What follows is a set of records; repeat them exactly, without the pictures.

----

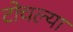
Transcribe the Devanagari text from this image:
टोचल्या
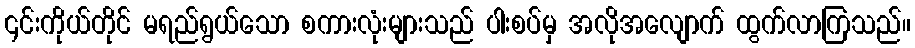
၎င်းကိုယ်တိုင် မရည်ရွယ်သော စကားလုံးများသည် ပါးစပ်မှ အလိုအလျောက် ထွက်လာကြသည်။
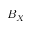
B _ { X }
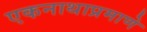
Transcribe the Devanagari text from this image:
एकनाथाप्रमाणे
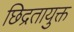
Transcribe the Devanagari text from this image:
छिद्रतायुक्त
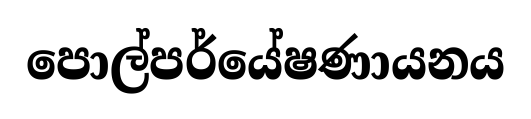
පොල්පර්යේෂණායනය
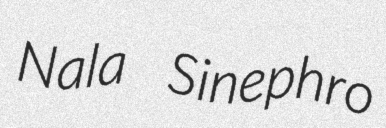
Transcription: Nala Sinephro

----

» **RESPONSE TO THE EXERCISE**
Transcribe the Devanagari text from this image:
टोचल्या
၎င်းကိုယ်တိုင် မရည်ရွယ်သော စကားလုံးများသည် ပါးစပ်မှ အလိုအလျောက် ထွက်လာကြသည်။
B _ { X }
Transcribe the Devanagari text from this image:
एकनाथाप्रमाणे
Transcribe the Devanagari text from this image:
छिद्रतायुक्त
පොල්පර්යේෂණායනය
Transcription: Nala Sinephro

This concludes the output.